06 março 2013

Dura lex?

No meu tempo de jovem havia um estranho slogan de um creme assentador de cabelos: “Dura lex sed lex, no cabelo só Gumex”. Que tinha a ver a dureza da lei com os cabelos bem assentados? Publicitário tem cada uma! Recentemente, quando da suspensão do Corinthians pela morte de um garoto em um estádio de futebol peruano, a expressão voltou à baila pela boca de um comentarista esportivo, sem o produto capilar evidentemente.

Ele poderia ter dito também que “a lei é clara”, como costuma dizer um seu colega. Qual lei? Seria a contra pergunta.

Na verdade, o Direito Civil cuida da chamada “responsabilidade por ato de terceiro”, que é uma exceção à regra segundo a qual cada um responde pelos danos que causa. De fato, uma criança ou um animal não podem ter responsabilidade pelos atos danosos que cometem, pois o culpado são os pais ou outro responsável pelo menor e o dono pelos atos do animal. A responsabilidade aí decorre da “culpa in vigilando”, para voltarmos ao latim. Ou seja, o dever que alguém tem de fiscalizar seus filhos e seus animais.

Outro caso de responsabilidade por ato de terceiro ocorre quando a empresa é chamada a responder por dano produzido a terceiro por seu funcionário, como ocorre nos acidentes produzidos por ônibus.

Vamos ao esporte. Imaginemos que um jogador de futebol, dolosamente, agride um jogador adversário, provocando-lhe danos físicos. Pelo princípio acima referido, o clube empregador pode ser acionado civilmente para indenizar o jogador lesionado.

Alguém, no entanto, não sei bem quem, inventou mais um caso de responsabilidade por ato de terceiro: o clube responsável pelo estádio é também responsável pelos danos causados por torcedor ali. Só torcedor desse clube ou qualquer torcedor? Eis a primeira questão.
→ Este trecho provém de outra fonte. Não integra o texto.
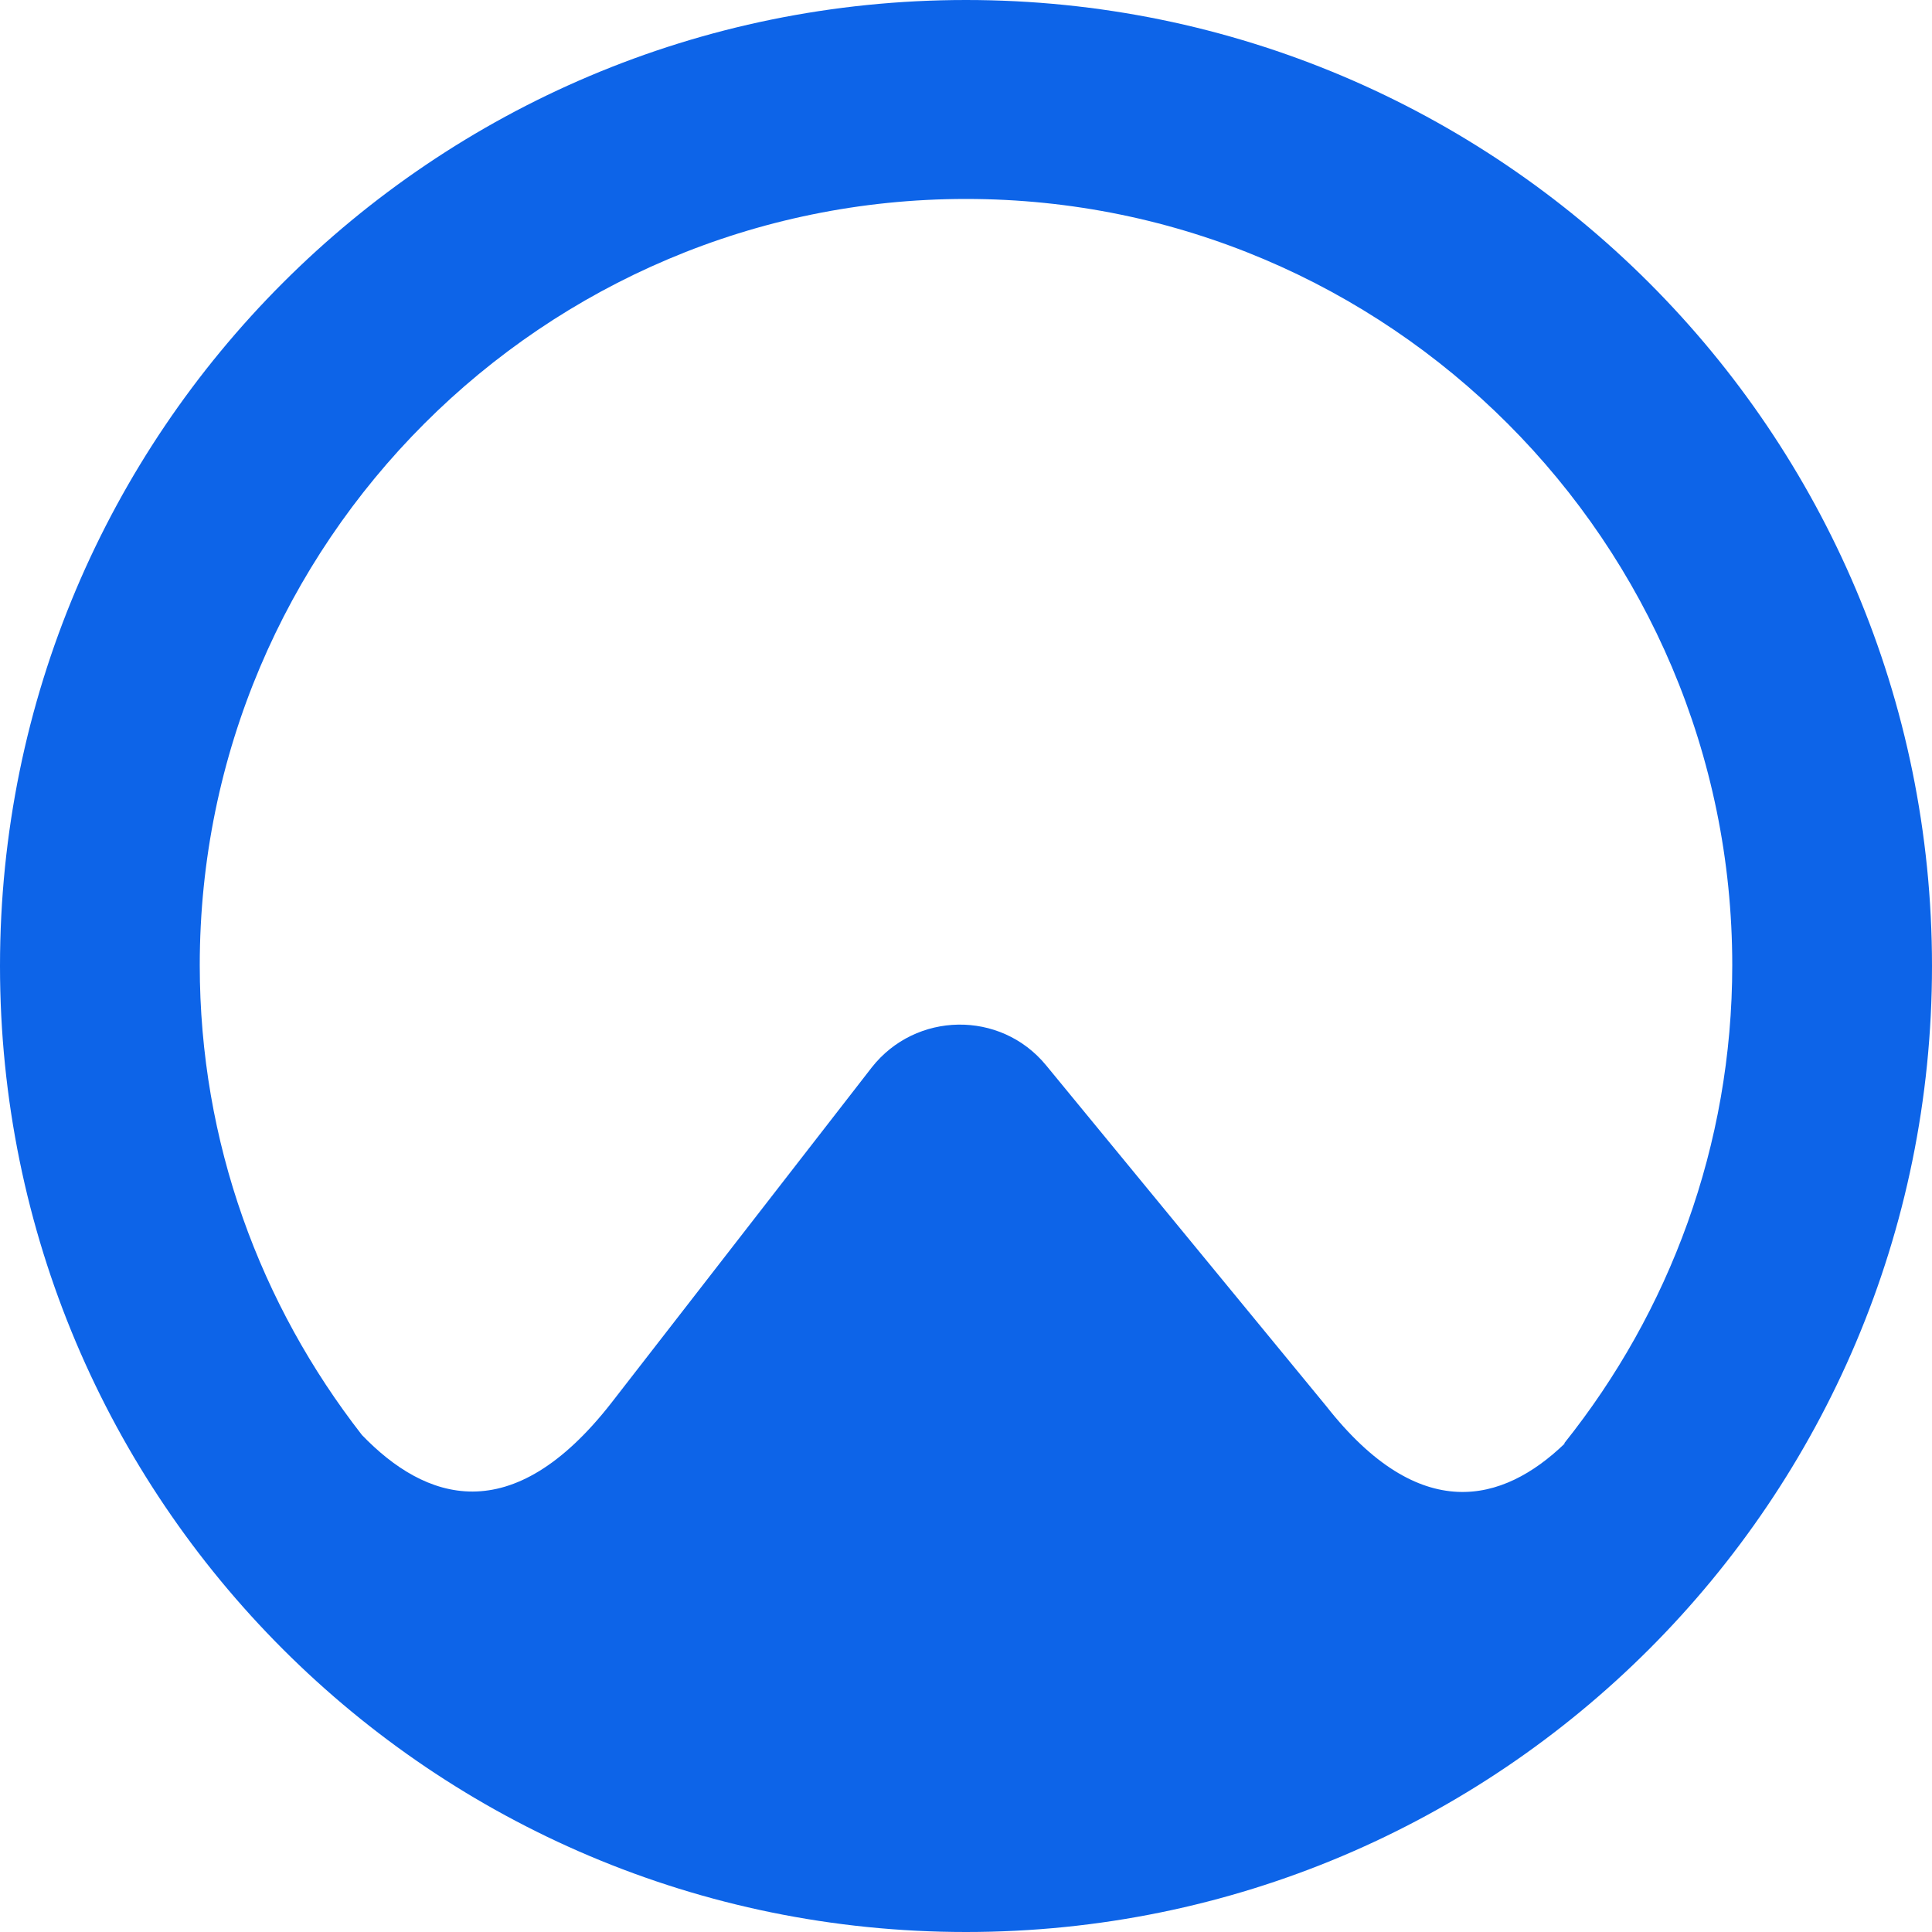 <svg xmlns="http://www.w3.org/2000/svg" fill="none" viewBox="0 0 1626 1626"><path fill="#0D64E8" d="M813 0C363.799 0 0 363.799 0 813c0 449.2 363.799 813 813 813 449.2 0 813-363.8 813-813 0-449.201-363.8-813-813-813Zm503.67 1215.13c-51.78 49.76-121.71 68.59-200.39-31.61L880.245 896.385c-38.33-46.4-109.61-45.055-146.595 2.017L514.43 1180.83c-84.057 107.6-156.683 82.04-209.807 26.9-85.402-109.61-136.509-246.117-136.509-395.402 0-355.73 289.156-644.886 644.886-644.886 355.73 0 644.89 289.156 644.89 644.886 0 151.975-53.13 291.842-141.22 402.132v.67Z"/></svg>

A responsabilidade aí também estaria baseada na “culpa in vigilando”, pois o clube “mandante” tem o dever de fiscalizar quem pretende entrar em suas dependências, exatamente para prevenir abusos que possam ser cometidos por qualquer torcedor, qualquer seja o clube de sua admiração. Logo, se um torcedor do time “visitante” causa dano a alguém, o time “mandante” deve responder por isso, não por causa de ser o autor pessoa ligada emocionalmente a ele, mas porque o clube faltou a seu dever de fiscalizar devidamente o ingresso em suas dependências.

Logo, sob o ponto de vista jurídico, não há qualquer ligação entre o torcedor e o time pelo qual ele diz torcer. Eu ressalvo “pelo qual ele diz torcer” para mostrar o absurdo do entendimento segundo o qual a camisa do torcedor responsabiliza o clube que ela representa. Imagine-se que arruaceiros italianos entrem no campo de Camp Nou e se ponham a jogar garrafas e rojões dentro do campo num jogo entre Barcelona e Milan. Quem será punido por essa arruaça? Acontece que esses italianos vestem, maliciosamente, a camiseta do Barcelona. Alguém pensaria em punir o Milan, por serem italianos os arruaceiros? E se os tais arruaceiros fossem ingleses?

Como se vê, “nem a lei é sempre clara” nem o “dura lex” resolve todos os problemas jurídicos, tanto que os romanos também diziam “summum jus summa injuria”, para significar que se a lei for aplicada sem bom senso, ela pode levar à negação do Direito.

Para terminar em latinório, a lei deve ser interpretada “com grano salis”. Ou seja, com um grãozinho de bom senso.